Copy out each line of the data that includes the string "sphere".

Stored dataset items
◇ ◇ ◇ ◇

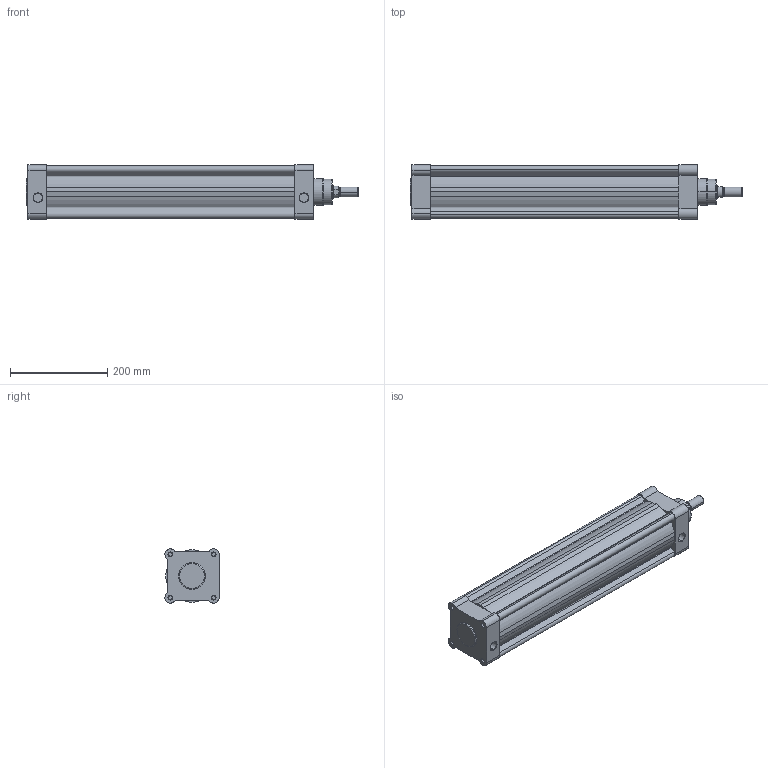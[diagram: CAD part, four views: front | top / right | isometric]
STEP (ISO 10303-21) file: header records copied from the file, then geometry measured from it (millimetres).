
FILE_DESCRIPTION (( 'STEP AP214' ), '1' );
FILE_NAME ('PNY 100-450 CYLINDER.STEP', '2010-08-03T10:50:48', ( '' ), ( '' ), 'SwSTEP 2.0', 'SolidWorks 2010', '' );
FILE_SCHEMA (( 'AUTOMOTIVE_DESIGN' ));
Length unit declared in the file: millimetre
Products named in the file (5): PNY  茿P 100  ARKA KAPAK; 100; PNY  茿P 100  諲  KAPAK; PNY  茿P 80- 100  M軱; PNY  100-450  CYLINDER
Assembly tree (4 placements, depth 2):
  PNY  100-450  CYLINDER
    PNY  茿P 100  諲  KAPAK
    PNY  茿P 100  ARKA KAPAK
    PNY  茿P 80- 100  M軱
    100
Bounding box: 682.7 x 111.48 x 111.5 mm (x, y, z)
Volume: 2678485.6 mm3; surface area: 636848.4 mm2
Topology: 4 solids, 4 shells, 188 faces, 446 edges, 280 vertices
Faces by surface type: cylinder 86, plane 64, cone 26, torus 12
Entity records: 5954 total; most frequent: DIRECTION 1048, CARTESIAN_POINT 993, ORIENTED_EDGE 892, EDGE_CURVE 446, AXIS2_PLACEMENT_3D 423, VERTEX_POINT 280, CIRCLE 228, EDGE_LOOP 214
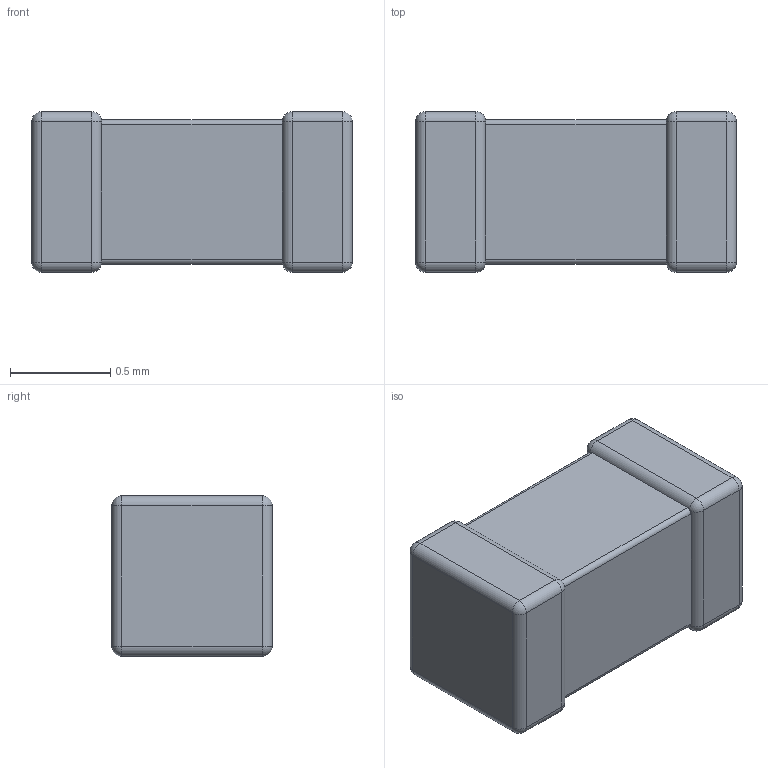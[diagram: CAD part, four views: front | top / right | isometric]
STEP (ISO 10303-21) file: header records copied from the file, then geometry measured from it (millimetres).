
FILE_DESCRIPTION(('FreeCAD Model'),'2;1');
FILE_NAME('C_0603_1608M_h0.80.step','2019-07-22T13:41:12',('Author'),(''), 'Open CASCADE STEP processor 7.3','FreeCAD','Unknown');
FILE_SCHEMA(('AUTOMOTIVE_DESIGN { 1 0 10303 214 1 1 1 1 }'));
Length unit declared in the file: millimetre
Products named in the file (1): C_0603_1608M_h0.80
Bounding box: 1.6 x 0.8 x 0.8 mm (x, y, z)
Volume: 0.9 mm3; surface area: 6 mm2
Topology: 1 solids, 1 shells, 58 faces, 141 edges, 72 vertices
Faces by surface type: cylinder 28, sphere 16, plane 14
Entity records: 2069 total; most frequent: CARTESIAN_POINT 397, DIRECTION 270, ORIENTED_EDGE 256, EDGE_CURVE 128, AXIS2_PLACEMENT_3D 107, VERTEX_POINT 72, ADVANCED_FACE 58, FACE_BOUND 58
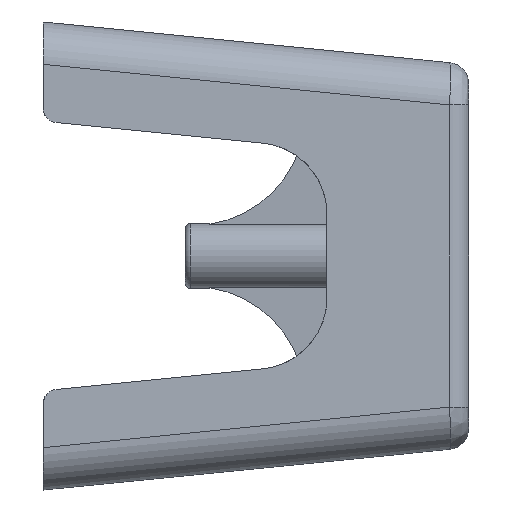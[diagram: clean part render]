
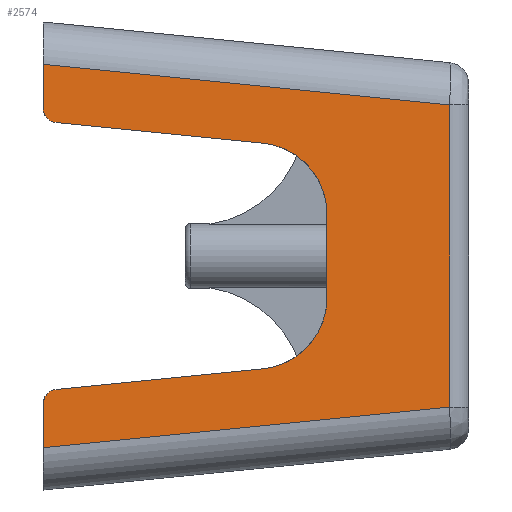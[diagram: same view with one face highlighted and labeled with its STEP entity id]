
A CAD part, left-side view. The second image highlights one B-rep face of the part: STEP entity #2574.
In plain terms, the highlighted planar face has unit normal (-0.995, -0.1, 0).
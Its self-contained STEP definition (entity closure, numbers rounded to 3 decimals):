
#100=ELLIPSE('',#2857,2.01,2.);
#101=ELLIPSE('',#2858,10.05,10.);
#102=ELLIPSE('',#2859,10.05,10.);
#103=ELLIPSE('',#2860,2.01,2.);
#132=PLANE('',#2856);
#261=LINE('',#4549,#457);
#271=LINE('',#4680,#467);
#272=LINE('',#4684,#468);
#273=LINE('',#4686,#469);
#274=LINE('',#4690,#470);
#275=LINE('',#4694,#471);
#276=LINE('',#4698,#472);
#277=LINE('',#4701,#473);
#457=VECTOR('',#3433,10.);
#467=VECTOR('',#3475,10.);
#468=VECTOR('',#3480,10.);
#469=VECTOR('',#3481,10.);
#470=VECTOR('',#3484,10.);
#471=VECTOR('',#3487,10.);
#472=VECTOR('',#3490,10.);
#473=VECTOR('',#3493,10.);
#685=FACE_OUTER_BOUND('',#855,.T.);
#855=EDGE_LOOP('',(#2095,#2096,#2097,#2098,#2099,#2100,#2101,#2102,#2103,
#2104,#2105,#2106));
#1246=VERTEX_POINT('',#4546);
#1247=VERTEX_POINT('',#4548);
#1262=VERTEX_POINT('',#4679);
#1263=VERTEX_POINT('',#4683);
#1264=VERTEX_POINT('',#4685);
#1265=VERTEX_POINT('',#4687);
#1266=VERTEX_POINT('',#4689);
#1267=VERTEX_POINT('',#4691);
#1268=VERTEX_POINT('',#4693);
#1269=VERTEX_POINT('',#4695);
#1270=VERTEX_POINT('',#4697);
#1271=VERTEX_POINT('',#4699);
#1544=EDGE_CURVE('',#1246,#1247,#261,.T.);
#1566=EDGE_CURVE('',#1247,#1262,#271,.T.);
#1568=EDGE_CURVE('',#1263,#1246,#272,.T.);
#1569=EDGE_CURVE('',#1264,#1263,#273,.T.);
#1570=EDGE_CURVE('',#1265,#1264,#100,.T.);
#1571=EDGE_CURVE('',#1265,#1266,#274,.T.);
#1572=EDGE_CURVE('',#1267,#1266,#101,.T.);
#1573=EDGE_CURVE('',#1268,#1267,#275,.T.);
#1574=EDGE_CURVE('',#1269,#1268,#102,.T.);
#1575=EDGE_CURVE('',#1269,#1270,#276,.T.);
#1576=EDGE_CURVE('',#1271,#1270,#103,.T.);
#1577=EDGE_CURVE('',#1262,#1271,#277,.T.);
#2095=ORIENTED_EDGE('',*,*,#1544,.F.);
#2096=ORIENTED_EDGE('',*,*,#1568,.F.);
#2097=ORIENTED_EDGE('',*,*,#1569,.F.);
#2098=ORIENTED_EDGE('',*,*,#1570,.F.);
#2099=ORIENTED_EDGE('',*,*,#1571,.T.);
#2100=ORIENTED_EDGE('',*,*,#1572,.F.);
#2101=ORIENTED_EDGE('',*,*,#1573,.F.);
#2102=ORIENTED_EDGE('',*,*,#1574,.F.);
#2103=ORIENTED_EDGE('',*,*,#1575,.T.);
#2104=ORIENTED_EDGE('',*,*,#1576,.F.);
#2105=ORIENTED_EDGE('',*,*,#1577,.F.);
#2106=ORIENTED_EDGE('',*,*,#1566,.F.);
#2574=ADVANCED_FACE('',(#685),#132,.T.);
#2856=AXIS2_PLACEMENT_3D('',#4682,#3478,#3479);
#2857=AXIS2_PLACEMENT_3D('',#4688,#3482,#3483);
#2858=AXIS2_PLACEMENT_3D('',#4692,#3485,#3486);
#2859=AXIS2_PLACEMENT_3D('',#4696,#3488,#3489);
#2860=AXIS2_PLACEMENT_3D('',#4700,#3491,#3492);
#3433=DIRECTION('',(0.,0.,-1.));
#3475=DIRECTION('',(-0.099,0.99,-0.099));
#3478=DIRECTION('center_axis',(-0.995,-0.1,0.));
#3479=DIRECTION('ref_axis',(0.,0.,
1.));
#3480=DIRECTION('',(0.099,-0.99,-0.099));
#3481=DIRECTION('',(0.,0.,1.));
#3482=DIRECTION('center_axis',(0.995,0.1,0.));
#3483=DIRECTION('ref_axis',(-0.1,0.995,0.));
#3484=DIRECTION('',(0.099,-0.99,-0.099));
#3485=DIRECTION('center_axis',(-0.995,-0.1,0.));
#3486=DIRECTION('ref_axis',(0.1,-0.995,0.));
#3487=DIRECTION('',(0.,0.,1.));
#3488=DIRECTION('center_axis',(-0.995,-0.1,0.));
#3489=DIRECTION('ref_axis',(0.1,-0.995,0.));
#3490=DIRECTION('',(-0.099,0.99,-0.099));
#3491=DIRECTION('center_axis',(0.995,0.1,0.));
#3492=DIRECTION('ref_axis',(-0.1,0.995,0.));
#3493=DIRECTION('',(0.,0.,1.));
#4546=CARTESIAN_POINT('',(-2.27,2.701,-3.7));
#4548=CARTESIAN_POINT('',(-2.27,2.701,-46.3));
#4549=CARTESIAN_POINT('',(-2.27,2.701,-38.5));
#4679=CARTESIAN_POINT('',(-8.,60.,-52.03));
#4680=CARTESIAN_POINT('',(-1.348,-6.523,-45.378));
#4682=CARTESIAN_POINT('Origin',(-2.,0.,-52.));
#4683=CARTESIAN_POINT('',(-8.,60.,2.03));
#4684=CARTESIAN_POINT('',(-1.745,-2.552,-4.225));
#4685=CARTESIAN_POINT('',(-8.,60.,-4.19));
#4686=CARTESIAN_POINT('',(-8.,60.,-38.5));
#4687=CARTESIAN_POINT('',(-7.82,58.199,-6.18));
#4688=CARTESIAN_POINT('Origin',(-7.8,58.,-4.19));
#4689=CARTESIAN_POINT('',(-4.9,29.005,-9.1));
#4690=CARTESIAN_POINT('',(-4.765,27.647,-9.235));
#4691=CARTESIAN_POINT('',(-4.,20.,-19.05));
#4692=CARTESIAN_POINT('Origin',(-5.,30.,-19.05));
#4693=CARTESIAN_POINT('',(-4.,20.,-30.95));
#4694=CARTESIAN_POINT('',(-4.,20.,-54.));
#4695=CARTESIAN_POINT('',(-4.9,29.005,-40.9));
#4696=CARTESIAN_POINT('Origin',(-5.,30.,-30.95));
#4697=CARTESIAN_POINT('',(-7.82,58.199,-43.82));
#4698=CARTESIAN_POINT('',(-3.049,10.49,-39.049));
#4699=CARTESIAN_POINT('',(-8.,60.,-45.81));
#4700=CARTESIAN_POINT('Origin',(-7.8,58.,-45.81));
#4701=CARTESIAN_POINT('',(-8.,60.,-38.5));
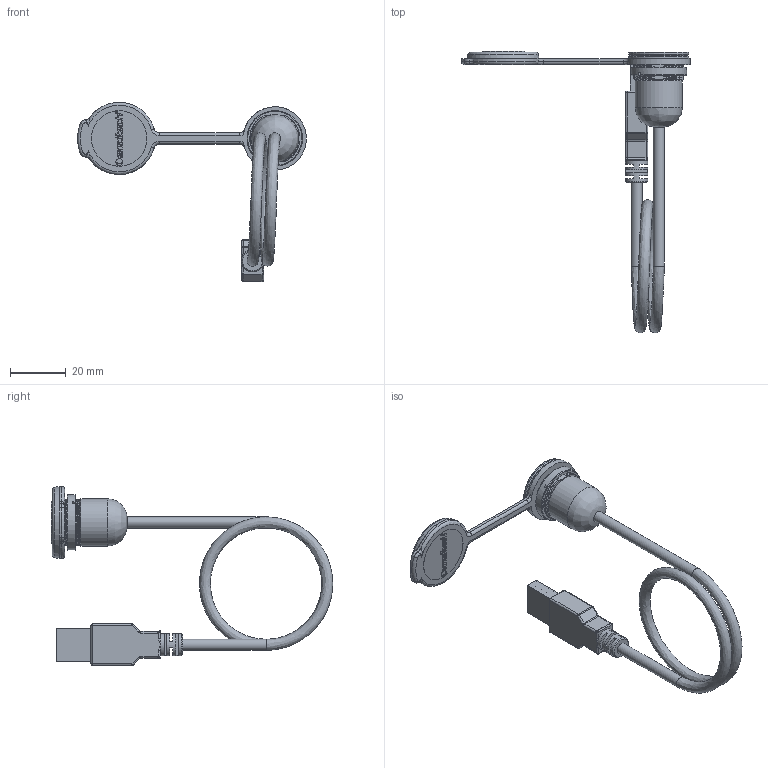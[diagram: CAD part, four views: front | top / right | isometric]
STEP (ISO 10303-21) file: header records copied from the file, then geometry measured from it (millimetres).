
FILE_DESCRIPTION(('FreeCAD Model'),'2;1');
FILE_NAME('Open CASCADE Shape Model','2023-04-11T14:26:58',('Author'),( ''),'Open CASCADE STEP processor 7.6','FreeCAD','Unknown');
FILE_SCHEMA(('AUTOMOTIVE_DESIGN { 1 0 10303 214 1 1 1 1 }'));
Length unit declared in the file: millimetre
Products named in the file (11): 1310-1002-xx; Spiralkabel für Kabeldose-01; USB_A Stecker002; USB_A Stecker; USB_A Stecker001; STL_Vorlage; USB_A; Mutter M18; USB-Gewindebuchse; Verschluss encitech ST0042; Anspritzung Metall_USB
Assembly tree (10 placements, depth 3):
  1310-1002-xx
    Spiralkabel für Kabeldose-01
    USB_A Stecker002
      USB_A Stecker
      USB_A Stecker001
    STL_Vorlage
      USB_A
      Mutter M18
      USB-Gewindebuchse
      Verschluss encitech ST0042
    Anspritzung Metall_USB
Bounding box: 82.32 x 101.3 x 64.47 mm (x, y, z)
Volume: 15813.7 mm3; surface area: 14223.4 mm2
Topology: 8 solids, 8 shells, 569 faces, 1479 edges, 952 vertices
Faces by surface type: plane 309, cylinder 158, bspline 65, torus 20, cone 9, sphere 8
Full cylindrical faces by diameter (mm): 0.555 x1, 0.615 x1, 0.801 x1, 4 x2, 8 x1, 11 x1, 15.5 x1, 16 x1, 17 x1, 17.2 x1, 17.6 x1, 18 x1, 20 x2, 21.5 x2, 21.6 x1
Entity records: 23149 total; most frequent: CARTESIAN_POINT 7210, ORIENTED_EDGE 2938, DIRECTION 2669, EDGE_CURVE 1469, VERTEX_POINT 952, AXIS2_PLACEMENT_3D 890, LINE 889, VECTOR 889

◇ ◇ ◇ ◇

Answer
Faces by surface type: cylinder 28, sphere 16, plane 14
Faces by surface type: plane 309, cylinder 158, bspline 65, torus 20, cone 9, sphere 8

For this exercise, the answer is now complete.